Haploporus is a genus of poroid fungi in the family Polyporaceae.

==Taxonomy==
The genus Haploporus was circumscribed by mycologists Appollinaris Semenovich Bondartsev and Rolf Singer in 1944 with Haploporus odorus as the type, and only species. The name Haploporus is derived from the Greek words απλόος ("simple"), and πόρος ("pore").

Yu-Cheng Dai and colleagues treated the genus Pachykytospora as a synonym of Haploporus in 2002, and then in subsequent publications. Marcin Piątek proposed dividing Haploporus into two sections: sect. Haploporus (cap-like fruit bodies), and sect. Pachykytospora (crust-like fruit bodies). Leif Ryvarden, who adopts a "pragmatic and conservative generic concept" in his 2014 work on European polypores, treats Haploporus as monotypic, containing only H. odorus.

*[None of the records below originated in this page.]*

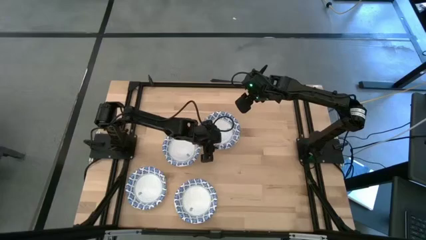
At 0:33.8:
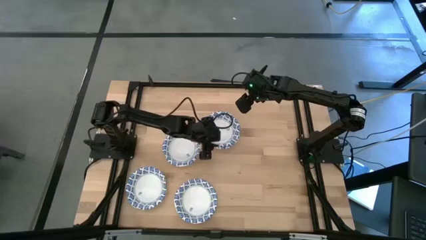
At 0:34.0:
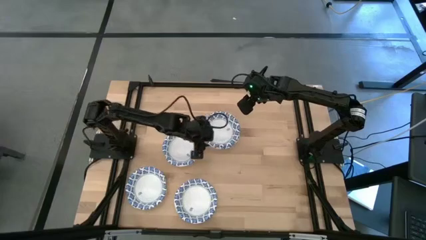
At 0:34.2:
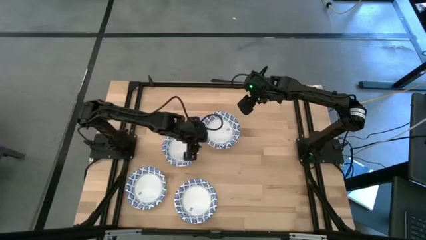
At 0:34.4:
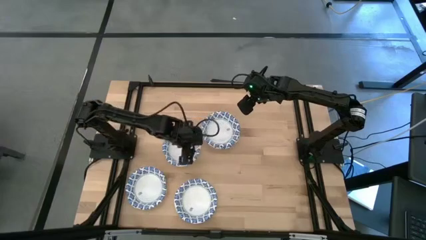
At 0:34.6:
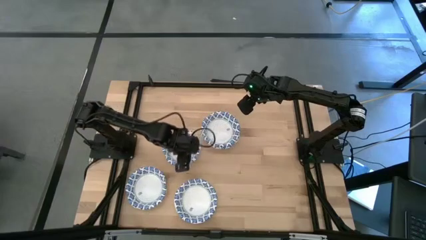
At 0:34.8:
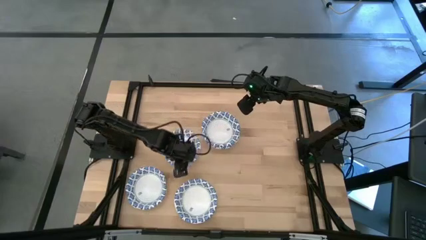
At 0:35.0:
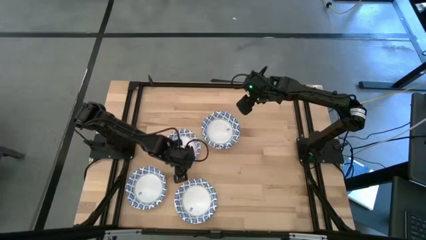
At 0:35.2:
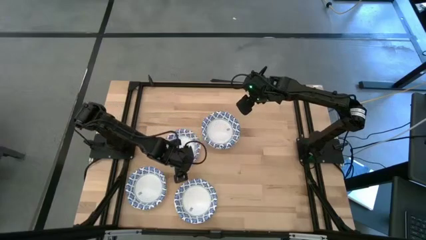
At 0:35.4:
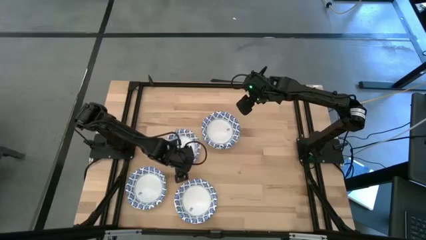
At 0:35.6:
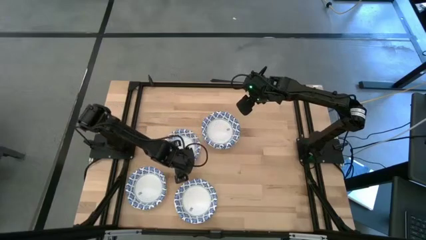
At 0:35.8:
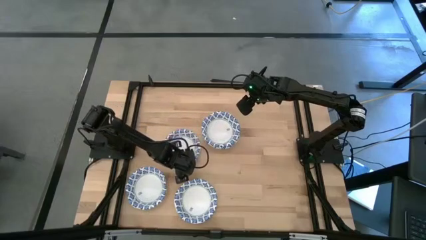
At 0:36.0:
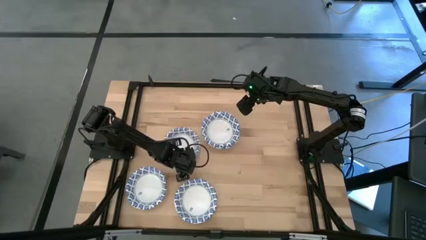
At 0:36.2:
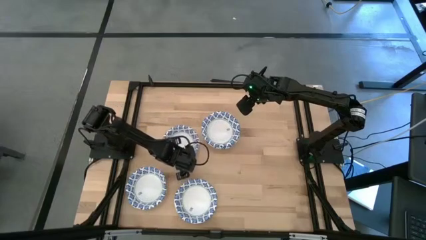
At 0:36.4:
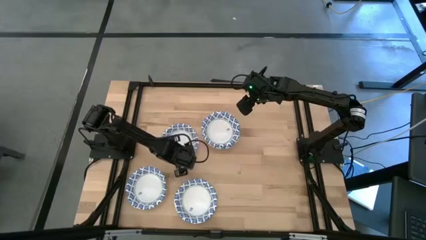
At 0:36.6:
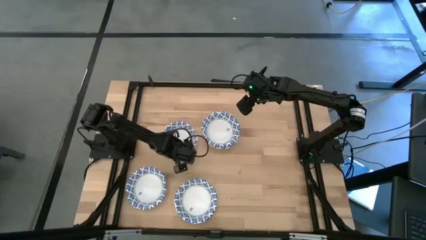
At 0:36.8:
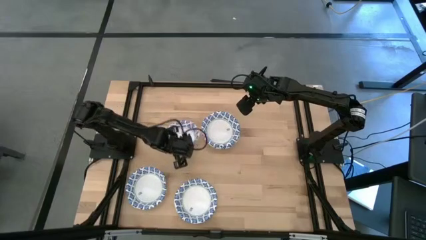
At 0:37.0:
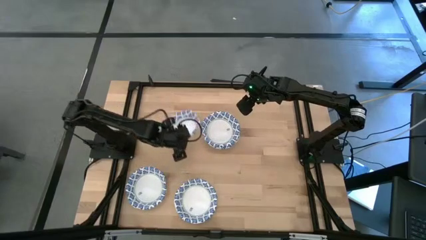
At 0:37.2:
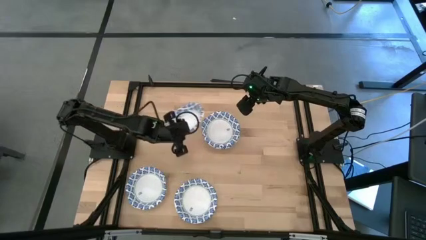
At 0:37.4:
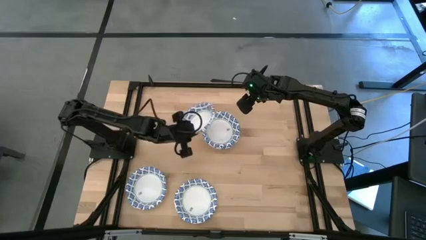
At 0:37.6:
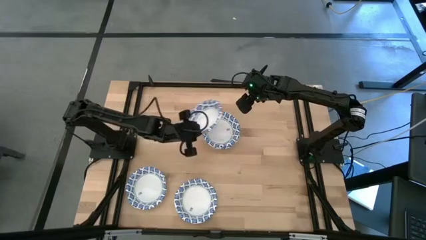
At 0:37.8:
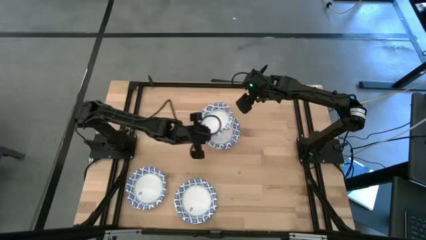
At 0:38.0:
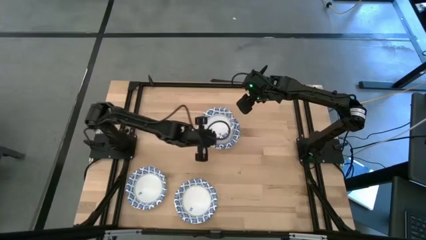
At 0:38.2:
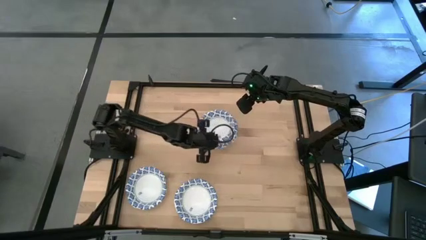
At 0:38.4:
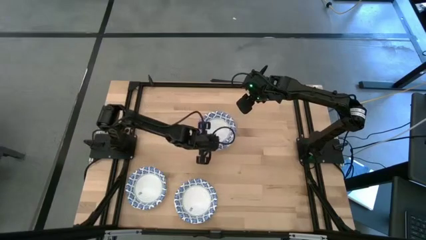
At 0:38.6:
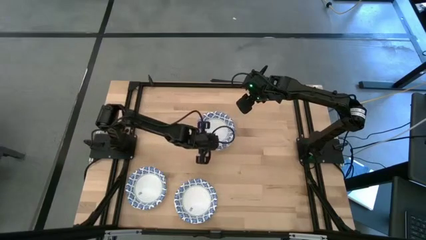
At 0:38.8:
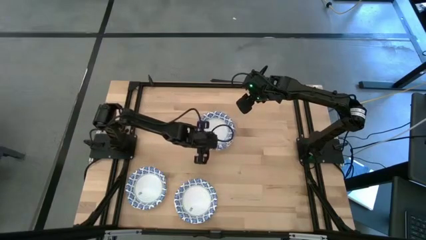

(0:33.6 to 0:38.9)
Task: Nest bowls inside each other
Stack the blue patterned bowl on top of the other blue patterned bowl

Using Haploporus tuberculosis as a representative generic exemplar, molecular analysis showed Haploporus to be nested within the core polyporoid clade, a phylogenetic grouping of fungi roughly equivalent to the family Polyporaceae.

==Description==
Haploporus species have an annual to perennial growth habit. They are crust like, with sessile or effused-reflexed (crust like with outside edges extended to form caps) fruit bodies. The hyphal system of Haploporus is dimitic to trimitic; the generative hyphae have clamp connections. The spores are oblong ellipsoid to roughly spherical, ornamented, thick-walled and cyanophilous.

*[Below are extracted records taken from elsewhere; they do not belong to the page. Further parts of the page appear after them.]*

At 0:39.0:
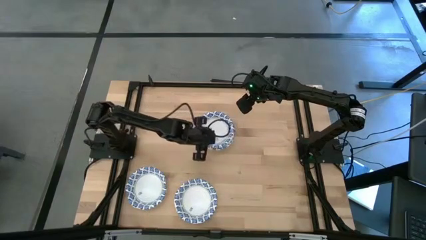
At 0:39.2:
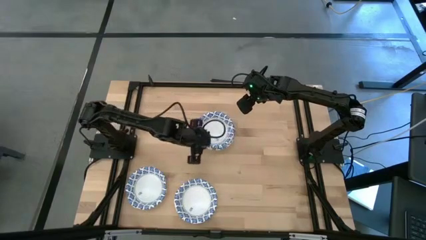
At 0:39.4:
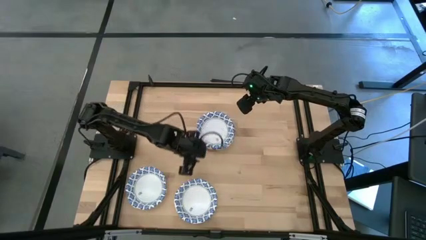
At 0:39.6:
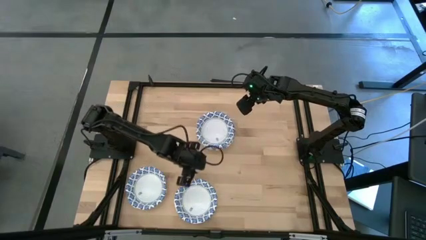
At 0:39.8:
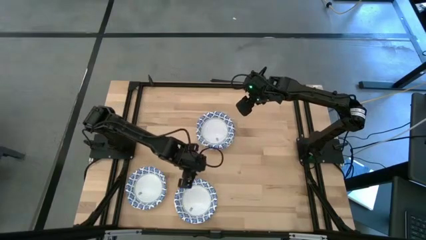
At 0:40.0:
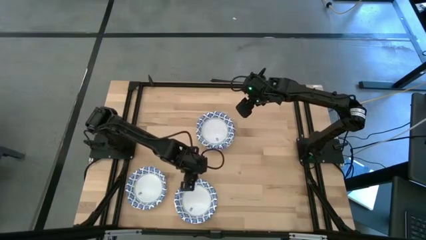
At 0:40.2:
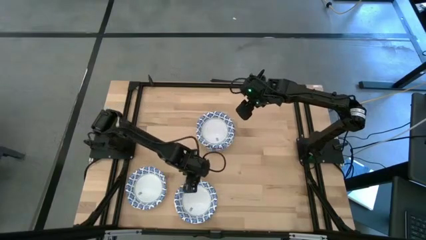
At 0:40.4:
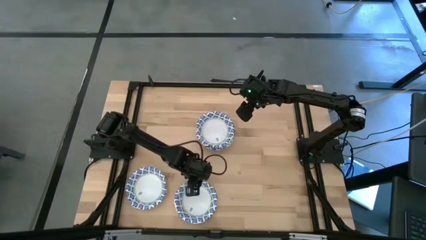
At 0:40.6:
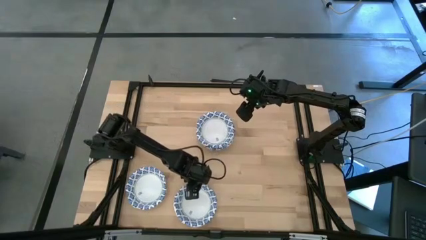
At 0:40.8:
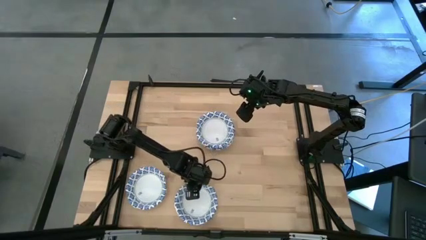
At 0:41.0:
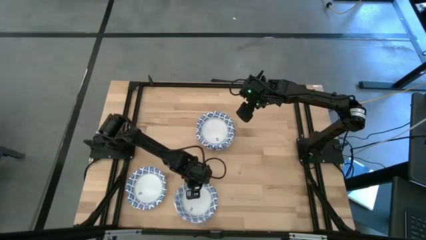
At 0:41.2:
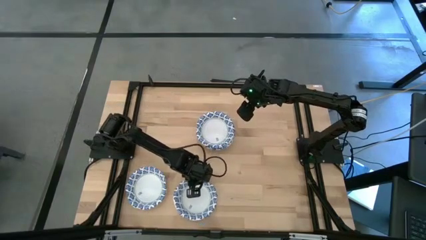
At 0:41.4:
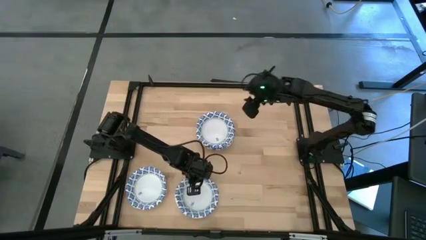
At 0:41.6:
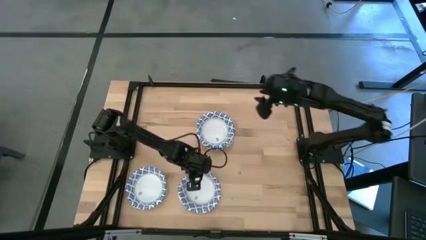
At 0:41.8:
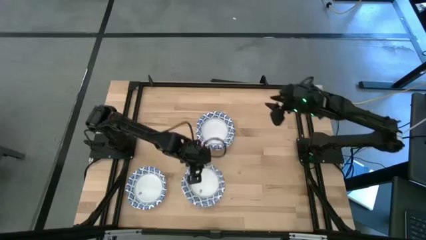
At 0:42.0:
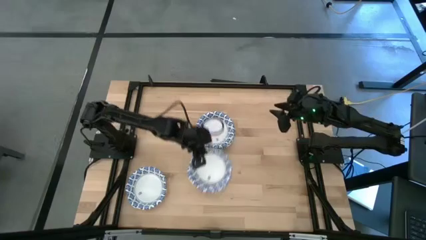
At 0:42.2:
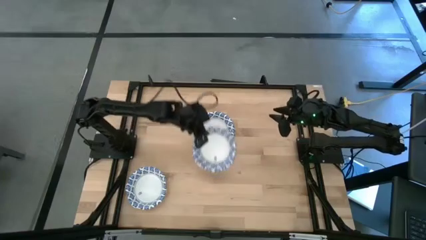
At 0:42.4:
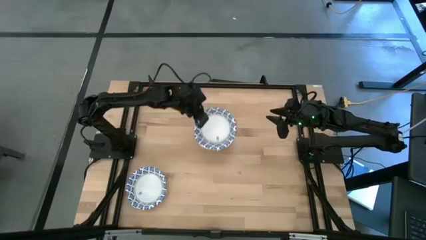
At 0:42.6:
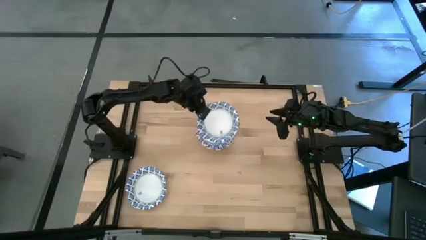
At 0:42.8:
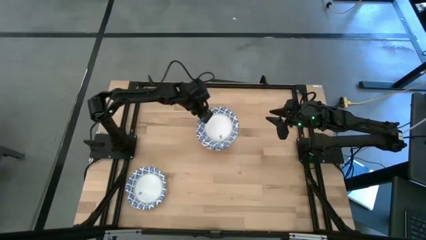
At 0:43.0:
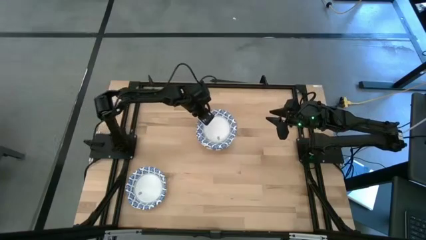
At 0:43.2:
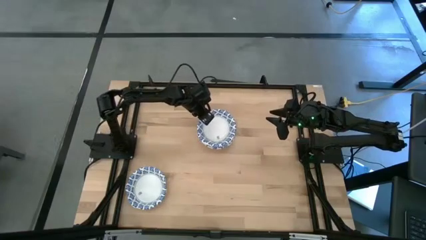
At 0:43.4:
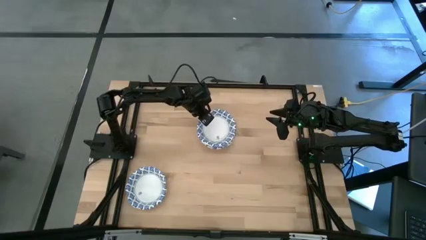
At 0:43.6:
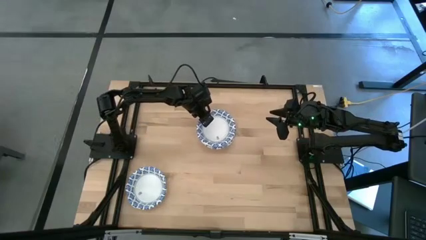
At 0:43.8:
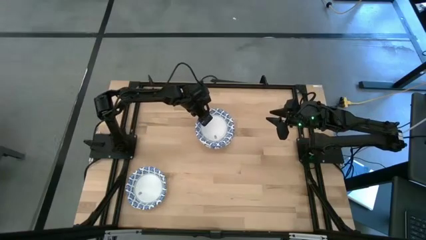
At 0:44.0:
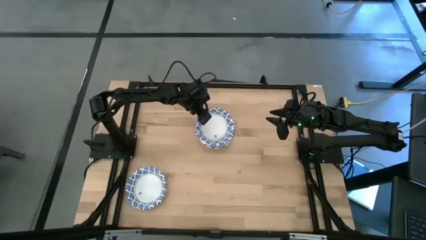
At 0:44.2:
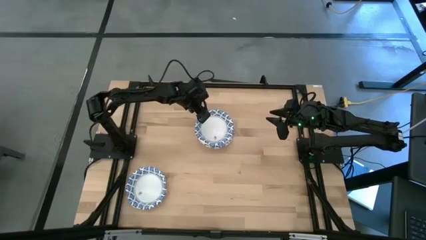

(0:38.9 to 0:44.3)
Stack the blue patterned bowl on top of the other blue patterned bowl

==Habitat and distribution==
Haploporus fungi cause a white rot.

==Species==
As of January 2018, Index Fungorum accepts 6 species of Haploporus, retaining Pachykytospora as an independent genus. In a 2016 taxonomic and phylogenetic study of the genus, Chinese scientists accept 13 species, including three newly described species from China.
- Haploporus alabamae (Berk. & Cooke) Y.C.Dai & Niemelä (2002)
- Haploporus amarus X.L.Zeng & Y.P.Bai (1993) – China
- Haploporus angustisporus Meng Zhou & Y.C. Dai (2019) – China
- Haploporus crassus Meng Zhou & Y.C. Dai (2019) – China
- Haploporus cylindrosporus L.L.Shen, Y.C.Dai & B.K.Cui (2016) – China
- Haploporus gilbertsonii Meng Zhou & Y.C. Dai (2019) – U.S.
- Haploporus latisporus Juan Li & Y.C.Dai (2007) – China
- Haploporus microsporus Meng Zhou & Y.C. Dai (2019) – China
- Haploporus nanosporus (A.David & Rajchenb.) Piątek (2005)
- Haploporus nepalensis (T.Hatt.) Piątek (2003) – Europe
- Haploporus odorus (Sommerf.) Bondartsev & Singer (1944)
- Haploporus papyraceus (Cooke) Y.C.Dai & Niemelä (2002)
- Haploporus pirongia (G.Cunn.) Meng Zhou, Y.C.Dai & T.W.May (2019) – Australia & N.Z.
- Haploporus septatus L.L.Shen, Y.C.Dai & B.K.Cui (2016) – China
- Haploporus subpapyraceus L.L.Shen, Y.C.Dai & B.K.Cui (2016) – China
- Haploporus subtrameteus (Pilát) Y.C.Dai & Niemelä (2002)
- Haploporus thindii (Natarajan & Koland.) Y.C.Dai (2005) – China; India
- Haploporus tuberculosis (Fr.) Niemelä & Y.C.Dai (2002)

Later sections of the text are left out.